**WHAT YOU NEED TO DO**
Print each entry as it appears. Images stay out of the copy.
══════════
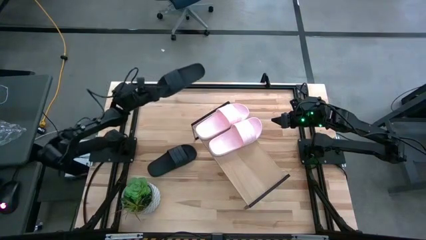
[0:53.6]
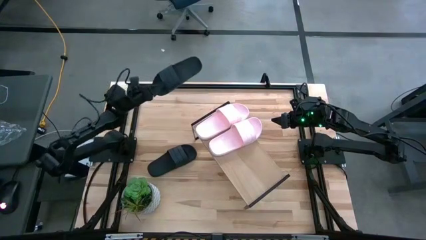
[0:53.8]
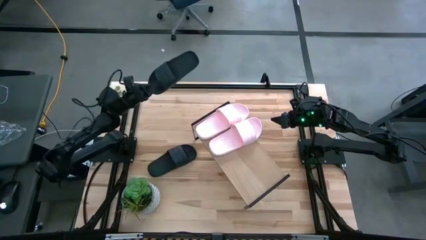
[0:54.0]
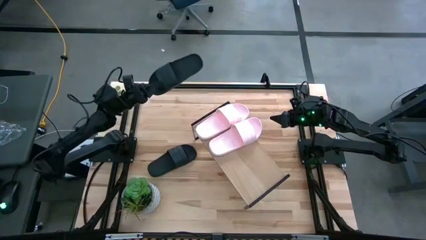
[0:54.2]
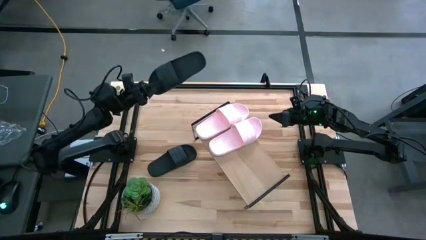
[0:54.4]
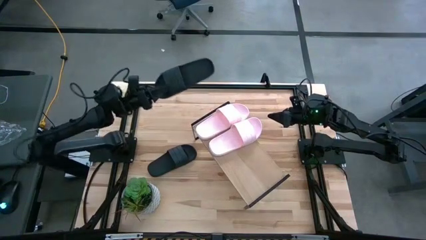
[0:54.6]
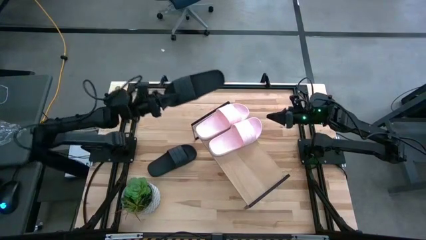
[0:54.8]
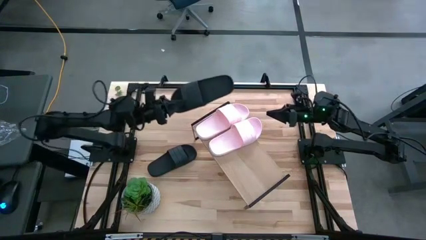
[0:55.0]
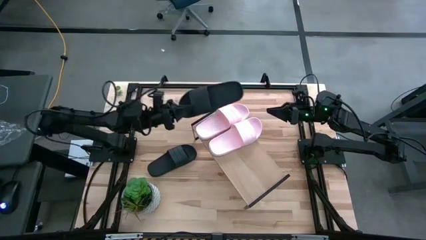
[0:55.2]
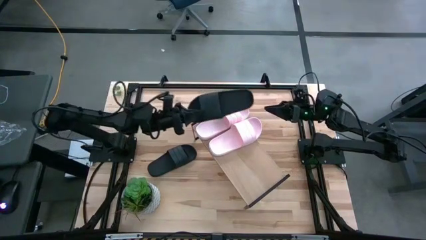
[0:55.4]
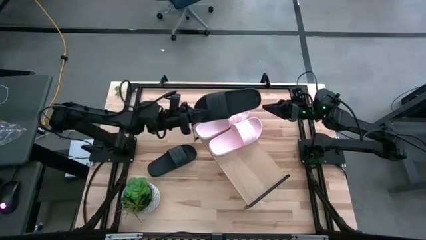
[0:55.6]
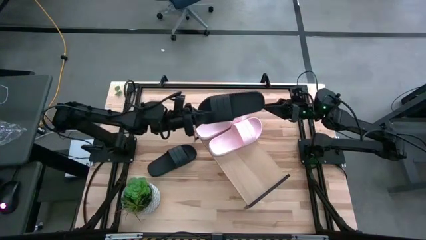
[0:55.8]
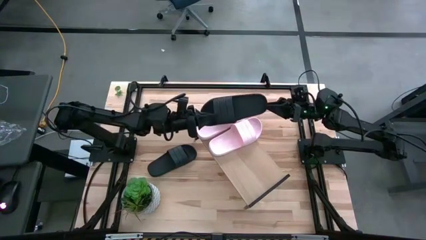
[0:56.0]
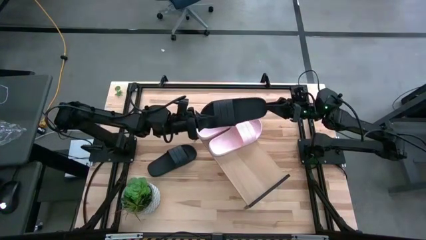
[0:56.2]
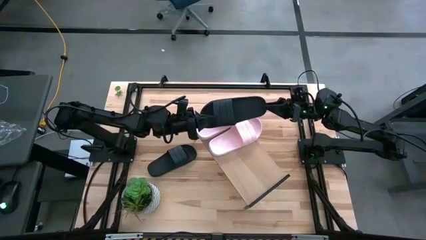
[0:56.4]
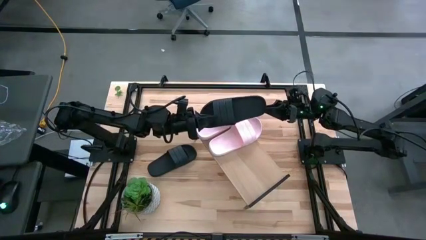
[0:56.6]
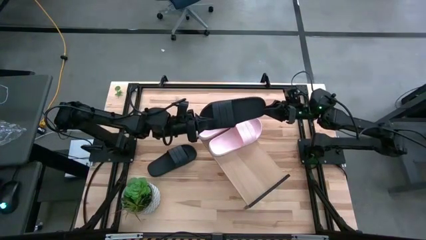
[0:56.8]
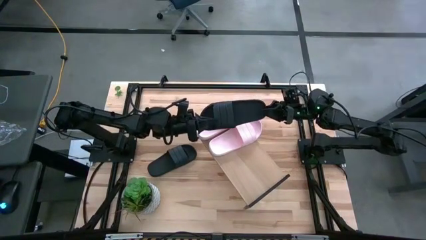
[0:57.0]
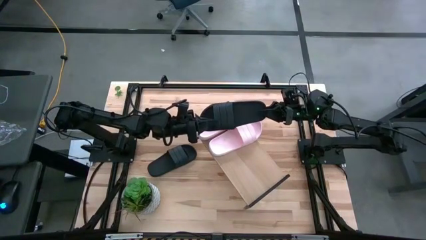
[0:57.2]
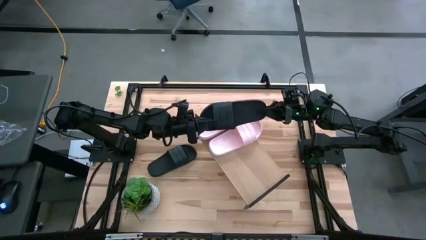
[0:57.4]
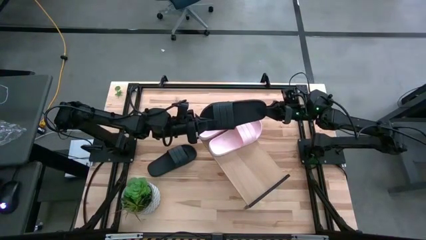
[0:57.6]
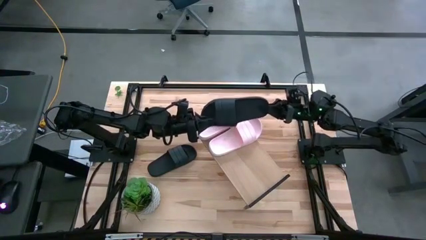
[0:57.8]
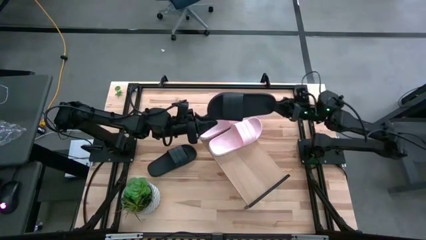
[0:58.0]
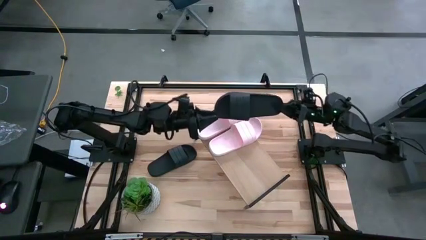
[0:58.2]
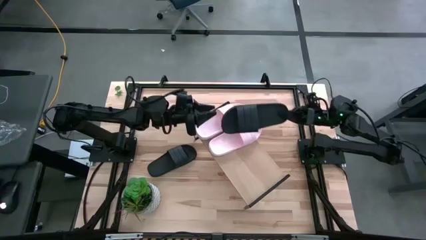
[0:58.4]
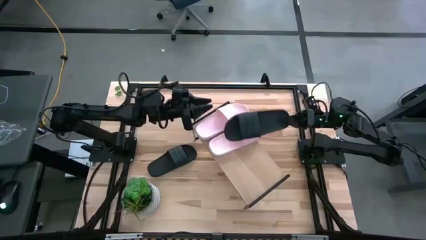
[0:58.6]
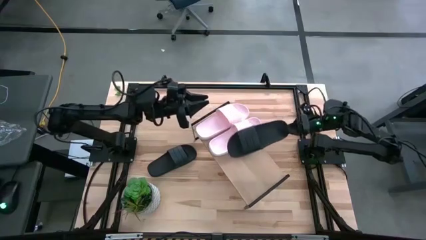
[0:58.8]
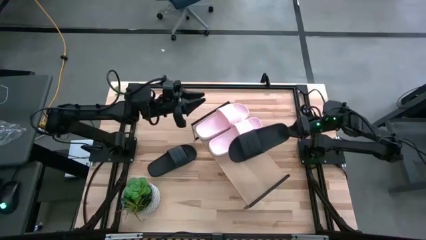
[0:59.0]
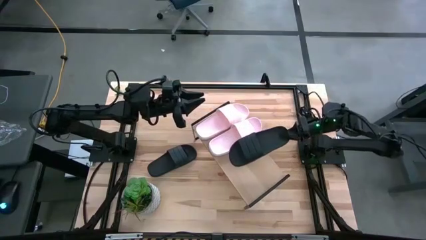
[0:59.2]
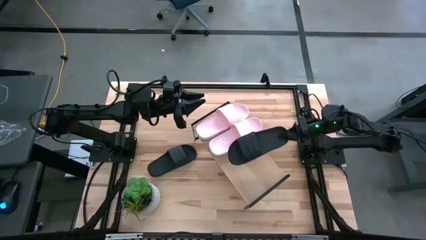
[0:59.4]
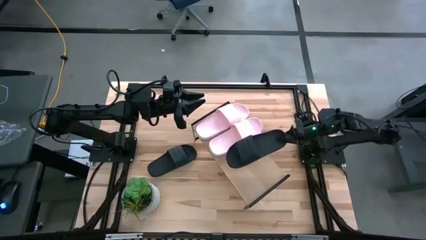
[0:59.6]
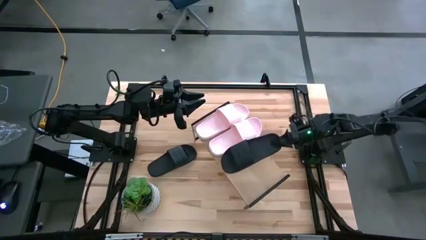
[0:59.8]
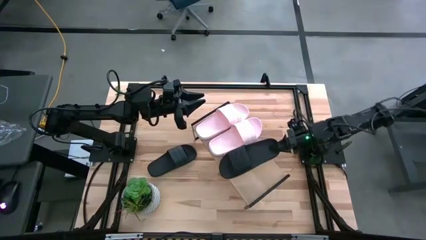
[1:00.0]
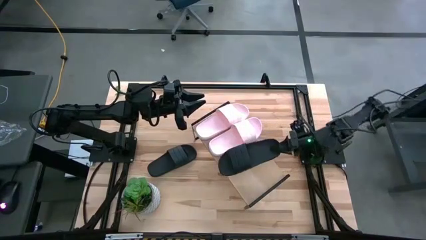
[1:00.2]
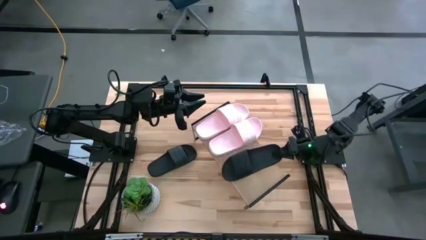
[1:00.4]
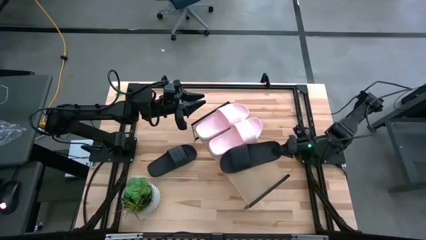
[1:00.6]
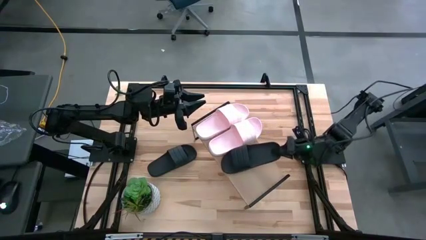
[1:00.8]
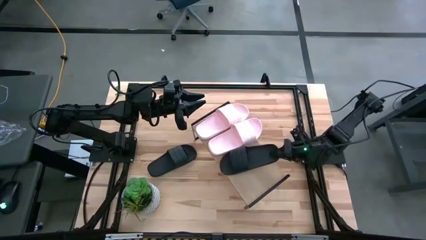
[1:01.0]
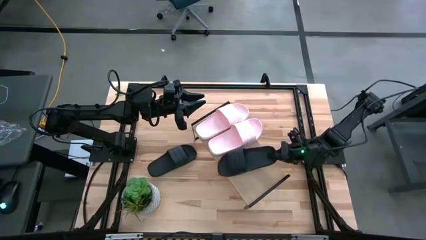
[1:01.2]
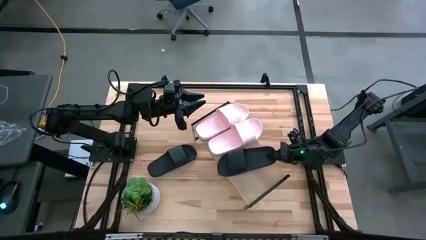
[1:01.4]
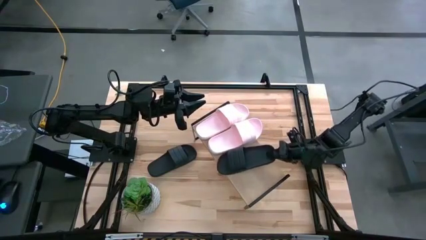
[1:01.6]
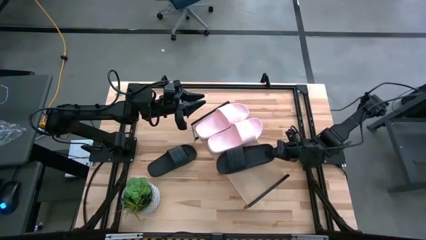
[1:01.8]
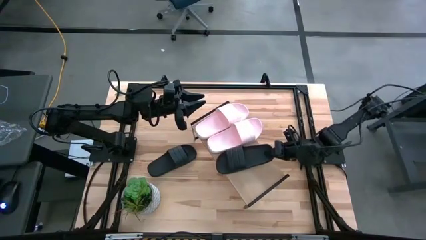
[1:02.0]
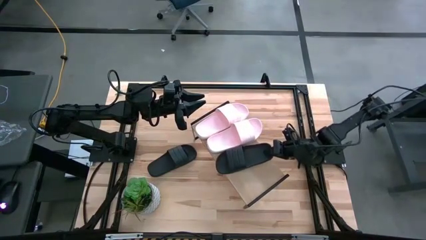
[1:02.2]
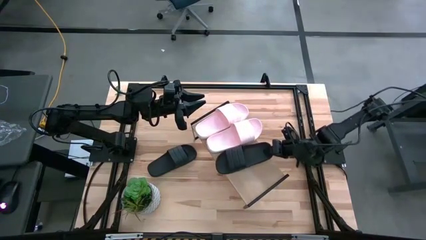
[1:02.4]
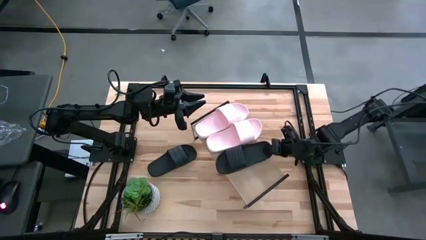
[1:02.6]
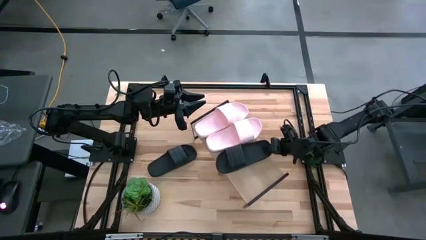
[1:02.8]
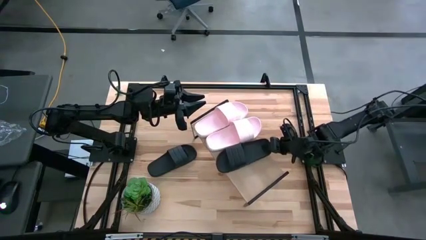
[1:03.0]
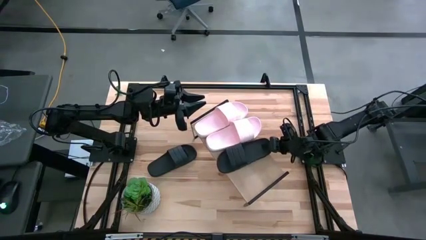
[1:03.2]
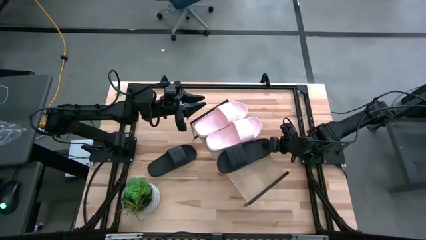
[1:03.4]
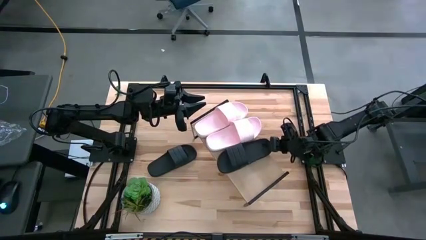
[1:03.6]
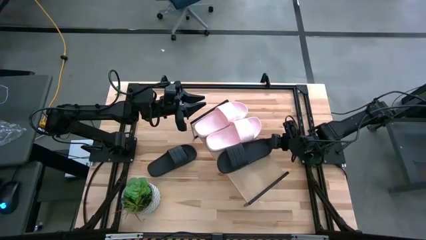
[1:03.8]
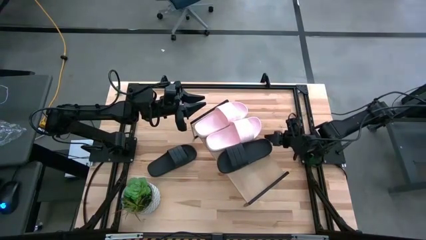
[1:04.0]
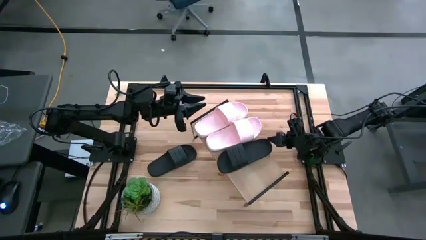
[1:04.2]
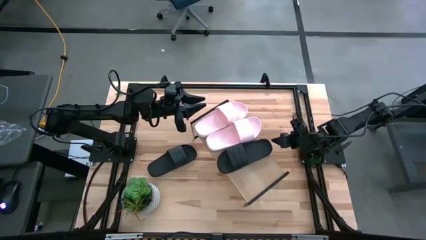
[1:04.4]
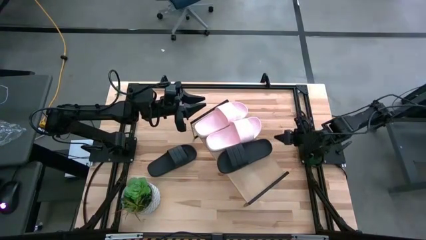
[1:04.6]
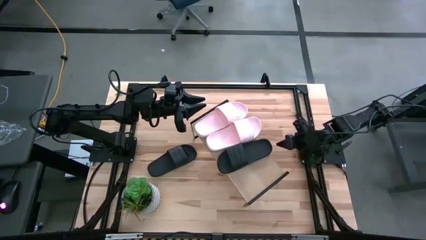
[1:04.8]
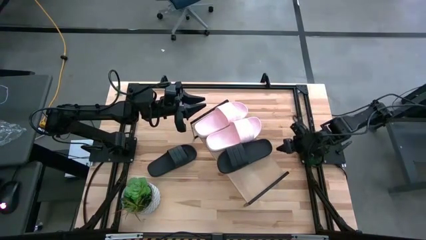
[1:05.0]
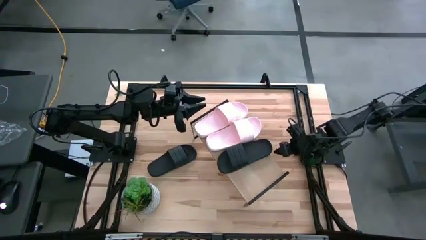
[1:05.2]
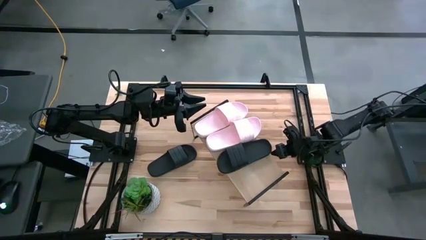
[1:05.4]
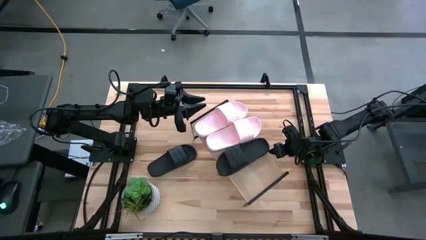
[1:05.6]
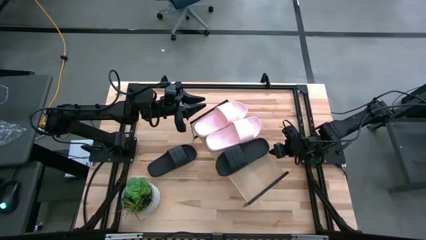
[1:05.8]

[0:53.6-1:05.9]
Task: Pick and place slides into the shelf
Put the top black slide on the shelf
══════════
**RESULT OF THIS EXERCISE**
[0:53.6]
[0:53.8]
[0:54.0]
[0:54.2]
[0:54.4]
[0:54.6]
[0:54.8]
[0:55.0]
[0:55.2]
[0:55.4]
[0:55.6]
[0:55.8]
[0:56.0]
[0:56.2]
[0:56.4]
[0:56.6]
[0:56.8]
[0:57.0]
[0:57.2]
[0:57.4]
[0:57.6]
[0:57.8]
[0:58.0]
[0:58.2]
[0:58.4]
[0:58.6]
[0:58.8]
[0:59.0]
[0:59.2]
[0:59.4]
[0:59.6]
[0:59.8]
[1:00.0]
[1:00.2]
[1:00.4]
[1:00.6]
[1:00.8]
[1:01.0]
[1:01.2]
[1:01.4]
[1:01.6]
[1:01.8]
[1:02.0]
[1:02.2]
[1:02.4]
[1:02.6]
[1:02.8]
[1:03.0]
[1:03.2]
[1:03.4]
[1:03.6]
[1:03.8]
[1:04.0]
[1:04.2]
[1:04.4]
[1:04.6]
[1:04.8]
[1:05.0]
[1:05.2]
[1:05.4]
[1:05.6]
[1:05.8]

[0:53.6-1:05.9]
Task: Pick and place slides into the shelf
Put the top black slide on the shelf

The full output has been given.